Since replay buffer stores a large number of data set, memory efficiency is one of the most important point.
In cpprb, there are two optional functionalities named next_of
and stack_compress
, which you can turn on manually when constructing replay buffer.
next_of
and stack_compress
can be used together, but currently none of them are compatible with N-step replay buffer.
These memory compressions rely on the internal memory alignment, so that these functionalities cannot be used in situations where sequential steps are not stored sequentially (e.g. distributed reinforcement learning).
next_of
In reinforcement learning, usually a set of observations before and after a certain action are used for training, so that you save the set in your replay buffer together. Naively speaking, all observations are stored twice.
As you know, replay buffer is a ring buffer and the next value should be stored at the next index, except for the newest edge.
If you specify next_of
argument (whose type is str
or array like of str
), the “next value” of specified values are also created in the replay buffer automatically and they share the memory location.

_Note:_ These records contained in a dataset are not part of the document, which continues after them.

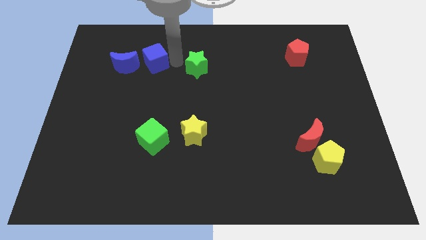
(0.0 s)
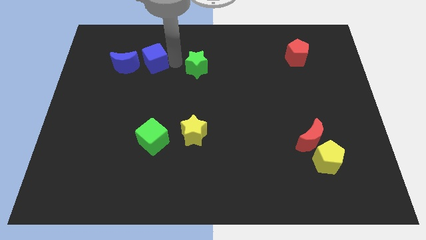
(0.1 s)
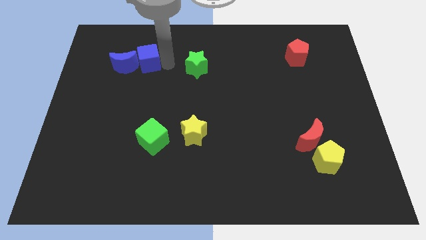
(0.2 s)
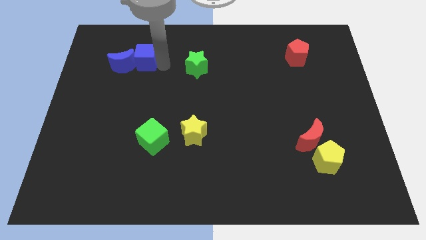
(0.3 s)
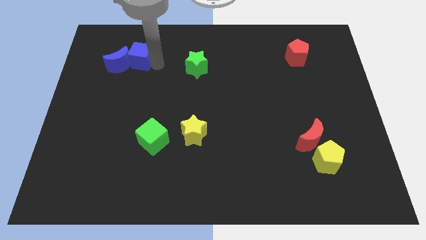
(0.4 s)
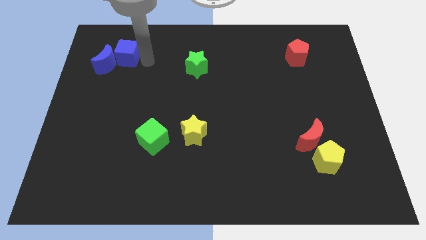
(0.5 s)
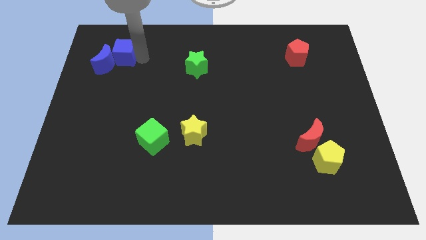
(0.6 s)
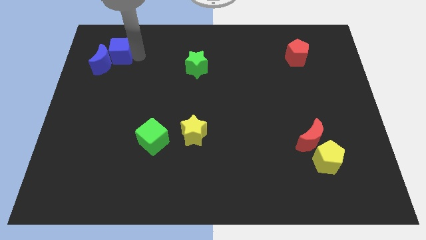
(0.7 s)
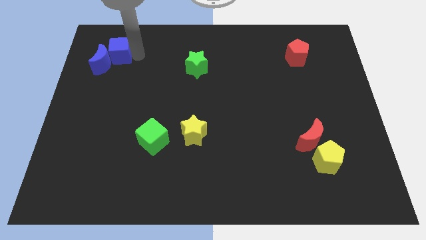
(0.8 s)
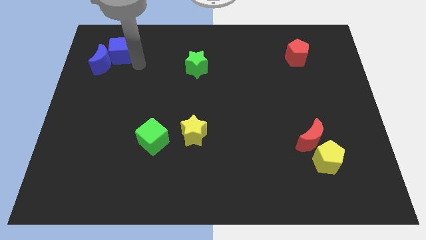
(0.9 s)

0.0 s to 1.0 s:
push the blue blocks towards the left side of the board

The name of the next value adds prefix next_
to the original name (e.g. next_obs
for obs
, next_rew
for rew
, and so on).
This functionality has small penalties for manipulating sampled index and checking the cache for the newest index. (As far as I know, this penalty is not significant, and you might not notice.)
import numpy as np
from cpprb import ReplayBuffer
buffer_size = 256
rb = ReplayBuffer(buffer_size,{"obs": {"shape": (84,84)},
"act": {"shape": 3},
"rew": {},
"done": {}}, # You must not specify "next_obs" nor "next_rew".
next_of=("obs","rew"))
rb.add(obs=np.ones((84,84)),
act=np.ones(3),
next_obs=np.ones((84,84)),
rew=1,
next_rew=1,
done=0)
cpprb does not check the consistence of i-th next_foo
and (i+1)-th foo
. This is user responsibility.
Since next_foo
is automatically generated, you must not specify it in the constructor manually.
Internally, next_foo
is not stored into a ring buffer, but into its chache. (So still raising error if you don’t pass them to add
.)
When sampling the next_foo
, indices (which is numpy.ndarray
) are shifted (and wraparounded if necessary), then are checked whether they are on the newest edge of the ring buffer. If the indices are on the edge, the cached one is extracted.
stack_compress
stack_compress
is designed for compressing stacked (or sliding windowed) observation. A famous use case is Atari video game, where 4 frames of display windows are treated as a single observation and the next observation is the one slided by only 1 frame (e.g. 1,2,3,4-frames, 2,3,4,5-frames, 3,4,5,6-frames, …). For this example, a straight forward approach stores all the frames 4 times.
cpprb with stack_compress
does not store duplicated frames in stacked observation (except for the end edge of the internal ring buffer) by utilizing numpy sliding trick.
You can specify stack_compress
parameter, whose type is str
or array like of str
, at constructor.
The following sample code stores 4
-stacked frames of 16x16
data as a single observation.
import numpy as np
from cpprb import ReplayBuffer
rb = ReplayBuffer(32,{"obs":{"shape": (16,16,4)}, 'rew': {}, 'done': {}},
next_of = "obs", stack_compress = "obs")
rb.add(obs=(np.ones((16,16,4))),
next_obs=(np.ones((16,16,4))),
rew=1,
done=0)
In order to make compatible with OpenAI gym, the last dimension is considered as stack dimension (which is not fit to C array memory order).
For the sake of performance, cpprb does not check the overlapped data are truly identical, but simply overwrites with new data. Users must not specify stack_compress
for non-stacked data.
Technically speaking numpy.ndarray
(and other data type supporting buffer protocol) has properties of item data type, the number of dimensions, length of each dimension, memory step size of each dimension, and so on. Usually, no data should overlap memory address, however, stack_compress
intentionally overlaps the memory addresses in the stacked dimension.